Sources differ as to the attribution of the recipe. For Jean-Robert Pitte, André Noël is the inventor. Heidi Driesner suggests that André Noël invented it, but that Frederick II chose the name of the dish. Pierre René Auguis proposes a third version: according to him, the king, tasting what Carlo Denina called "infernal cuisine", chose the ingredients, or rather demanded the incorporation of some, and Noël named the dish:

He imagined a combination of ingredients so violent as to outrage any other man: Noël protested against such an unhealthy dish, but obeyed repeated orders.

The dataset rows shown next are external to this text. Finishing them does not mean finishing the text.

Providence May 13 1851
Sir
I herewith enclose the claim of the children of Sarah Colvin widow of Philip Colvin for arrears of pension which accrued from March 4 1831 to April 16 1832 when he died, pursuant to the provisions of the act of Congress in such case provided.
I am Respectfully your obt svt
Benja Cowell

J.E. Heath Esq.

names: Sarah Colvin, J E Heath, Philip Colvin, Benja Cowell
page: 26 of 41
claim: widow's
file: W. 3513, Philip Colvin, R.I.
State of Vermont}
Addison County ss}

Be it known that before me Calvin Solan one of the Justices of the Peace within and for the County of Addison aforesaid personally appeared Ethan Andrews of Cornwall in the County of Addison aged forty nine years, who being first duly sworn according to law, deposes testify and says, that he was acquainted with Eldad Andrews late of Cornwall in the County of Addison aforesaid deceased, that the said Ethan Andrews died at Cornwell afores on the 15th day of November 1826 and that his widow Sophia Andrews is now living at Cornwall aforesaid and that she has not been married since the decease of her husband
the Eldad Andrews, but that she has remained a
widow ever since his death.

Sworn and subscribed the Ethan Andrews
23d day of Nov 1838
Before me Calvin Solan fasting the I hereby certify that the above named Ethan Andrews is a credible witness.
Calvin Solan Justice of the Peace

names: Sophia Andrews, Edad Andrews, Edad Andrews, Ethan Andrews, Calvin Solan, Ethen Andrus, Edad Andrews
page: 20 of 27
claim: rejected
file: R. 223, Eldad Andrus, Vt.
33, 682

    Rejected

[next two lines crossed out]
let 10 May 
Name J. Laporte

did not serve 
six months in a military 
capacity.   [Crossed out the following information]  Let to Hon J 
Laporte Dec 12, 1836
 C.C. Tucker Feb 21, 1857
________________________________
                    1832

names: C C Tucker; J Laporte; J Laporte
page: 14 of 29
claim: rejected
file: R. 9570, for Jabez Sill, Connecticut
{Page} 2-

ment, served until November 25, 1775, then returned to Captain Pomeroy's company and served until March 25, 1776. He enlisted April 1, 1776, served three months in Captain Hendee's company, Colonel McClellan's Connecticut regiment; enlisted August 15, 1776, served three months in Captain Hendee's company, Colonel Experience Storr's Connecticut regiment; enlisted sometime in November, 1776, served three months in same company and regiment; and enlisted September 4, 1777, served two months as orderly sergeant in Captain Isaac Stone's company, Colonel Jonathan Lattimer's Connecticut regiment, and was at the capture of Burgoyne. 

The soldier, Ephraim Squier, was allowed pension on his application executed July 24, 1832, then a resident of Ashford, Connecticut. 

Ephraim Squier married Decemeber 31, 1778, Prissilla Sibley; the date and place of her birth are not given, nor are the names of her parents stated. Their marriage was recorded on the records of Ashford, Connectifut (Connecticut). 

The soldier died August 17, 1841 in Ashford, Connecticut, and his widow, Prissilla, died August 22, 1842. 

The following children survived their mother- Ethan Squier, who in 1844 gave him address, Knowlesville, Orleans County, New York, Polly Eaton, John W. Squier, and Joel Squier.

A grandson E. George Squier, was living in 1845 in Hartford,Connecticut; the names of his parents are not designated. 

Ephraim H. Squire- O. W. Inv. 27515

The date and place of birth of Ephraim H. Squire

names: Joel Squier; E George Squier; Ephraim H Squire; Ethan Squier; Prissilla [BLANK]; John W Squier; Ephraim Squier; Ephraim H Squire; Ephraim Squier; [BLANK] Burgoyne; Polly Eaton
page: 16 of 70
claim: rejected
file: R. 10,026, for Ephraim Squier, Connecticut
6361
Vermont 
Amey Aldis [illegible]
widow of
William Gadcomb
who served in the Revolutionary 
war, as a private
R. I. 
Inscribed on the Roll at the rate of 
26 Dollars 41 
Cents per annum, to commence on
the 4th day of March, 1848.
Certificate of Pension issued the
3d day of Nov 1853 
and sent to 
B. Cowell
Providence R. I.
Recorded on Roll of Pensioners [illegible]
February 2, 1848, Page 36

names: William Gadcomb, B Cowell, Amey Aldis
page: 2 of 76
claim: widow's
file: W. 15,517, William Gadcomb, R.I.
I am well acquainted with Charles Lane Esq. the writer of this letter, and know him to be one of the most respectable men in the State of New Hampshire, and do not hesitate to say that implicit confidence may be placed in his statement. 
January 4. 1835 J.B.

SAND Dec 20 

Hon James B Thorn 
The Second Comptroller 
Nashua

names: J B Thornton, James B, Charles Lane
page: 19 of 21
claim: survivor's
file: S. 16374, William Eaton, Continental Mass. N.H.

The King, delighted with his cooking, spoke up and said: Noël, I have had the glory of creating a delicious dish, and I leave you the honor of naming it. At first, the maître d'hôtel apologized, but then, in a hurry, he replied brusquely: "Call it bombe à la sardanapale". The King laughed and said to the Count of Schullenbourg: "It's out of affection for me that he's getting angry!".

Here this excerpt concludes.